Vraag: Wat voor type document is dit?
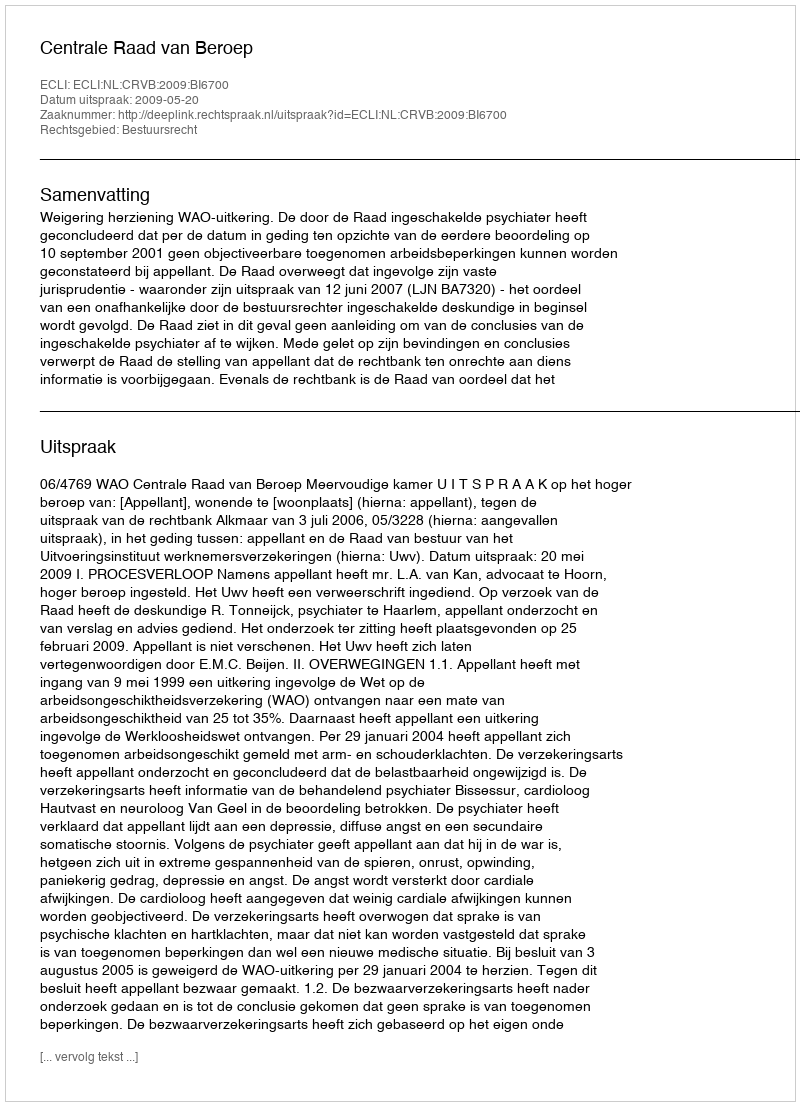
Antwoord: Uitspraak
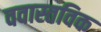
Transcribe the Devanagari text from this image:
ववास्तविक
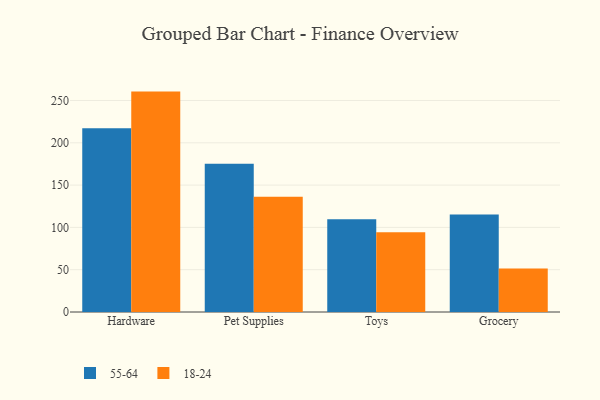
{"axis": {"x": "Category", "y": "Customer Acquisition Cost (USD)"}, "legend": ["18-24", "55-64"], "data": [{"x": "Hardware", "y": 217.1, "type": "55-64"}, {"x": "Hardware", "y": 260.5, "type": "18-24"}, {"x": "Pet Supplies", "y": 175.2, "type": "55-64"}, {"x": "Pet Supplies", "y": 136.2, "type": "18-24"}, {"x": "Toys", "y": 109.7, "type": "55-64"}, {"x": "Toys", "y": 94.4, "type": "18-24"}, {"x": "Grocery", "y": 115.3, "type": "55-64"}, {"x": "Grocery", "y": 51.4, "type": "18-24"}]}
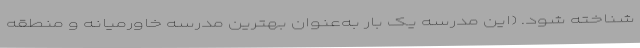
شناخته شود. (این مدرسه یک بار به‌عنوان بهترین مدرسه خاورمیانه و منطقه
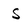
Character: S
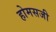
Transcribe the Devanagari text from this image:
होमसजी
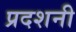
==*==
Everything in the records above should be retyped exactly except the pictures.

Vraag: Wat voor type document is dit?
Antwoord: Uitspraak
Transcribe the Devanagari text from this image:
ववास्तविक
{"axis": {"x": "Category", "y": "Customer Acquisition Cost (USD)"}, "legend": ["18-24", "55-64"], "data": [{"x": "Hardware", "y": 217.1, "type": "55-64"}, {"x": "Hardware", "y": 260.5, "type": "18-24"}, {"x": "Pet Supplies", "y": 175.2, "type": "55-64"}, {"x": "Pet Supplies", "y": 136.2, "type": "18-24"}, {"x": "Toys", "y": 109.7, "type": "55-64"}, {"x": "Toys", "y": 94.4, "type": "18-24"}, {"x": "Grocery", "y": 115.3, "type": "55-64"}, {"x": "Grocery", "y": 51.4, "type": "18-24"}]}
شناخته شود. (این مدرسه یک بار به‌عنوان بهترین مدرسه خاورمیانه و منطقه
Character: S
Transcribe the Devanagari text from this image:
होमसजी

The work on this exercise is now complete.